Anti-IDH1 R132H (clone QM002)

Monoclonal Antibody Specific for IDH1 R132H Point Mutation – A Key Diagnostic Marker in Brain Tumors
The monoclonal antibody specific for the IDH1 R132H point mutation is characterized by:
✔ Strong immunohistochemical staining (IHC)
✔ Consistent performance and reliability
✔ Absence of non-specific background staining
These features make it highly useful for detecting mutant IDH1 in FFPE tissue sections, facilitating the diagnosis and classification of brain tumors according to the WHO classification.

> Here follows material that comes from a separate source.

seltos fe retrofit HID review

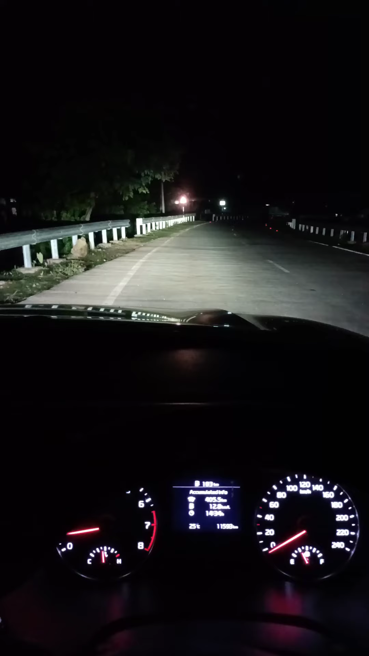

IDH1 – Wild-Type and Mutant Form
Isocitrate dehydrogenase 1 (IDH1) is an enzyme that catalyzes the third step of the citric acid cycle, converting isocitrate into alpha-ketoglutarate and releasing CO₂.
✔ Localization: Cytoplasm and peroxisomes
✔ Presence: Widely expressed across species, including organisms that lack a complete Krebs cycle
Mutations in IDH1 most commonly involve a missense substitution at codon 132, leading to:
✔ Loss of normal enzymatic function
✔ Abnormal production of 2-hydroxyglutarate (2HG)
✔ Inhibition of alpha-ketoglutarate-dependent enzymes (including histone and DNA demethylases)
✔ Widespread histone and DNA methylation changes, which may contribute to tumorigenesis
IDH1 R132H – A Key Mutation in Neuropathology
The IDH1 R132H point mutation is found in over 70% of gliomas, particularly in:
✔ WHO Grade II and III gliomas
✔ Secondary glioblastoma (WHO Grade IV)
The high prevalence of IDH1 mutations in oligodendroglial tumors makes it a critical marker in distinguishing oligodendrogliomas from other clear-cell neoplasms.
IDH1 status can be assessed via IHC to detect the mutant protein; however, if negative or inconclusive, further DNA-based analysis is required.
Clinical Significance of IDH1 Mutation
✔ IDH1 mutation has both diagnostic and prognostic value in primary brain tumors.
✔ Tumors with IDH1 mutations are associated with better overall prognosis.
IDH1 R132H Mutation in Other Cancers
Research has identified IDH1 mutations in various malignancies, including:
✔ Acute myeloid leukemia (AML)
✔ Acute lymphoblastic leukemia (ALL)
✔ Cholangiocarcinoma
✔ Chondrosarcomas
✔ Prostate cancer
✔ Papillary breast carcinoma
✔ Melanoma
✔ Angioimmunoblastic T-cell lymphoma
✔ Primary myelofibrosis
The presence of IDH1 mutations suggests a broader oncogenic role for this enzyme, making it an important diagnostic and therapeutic target across different cancer types.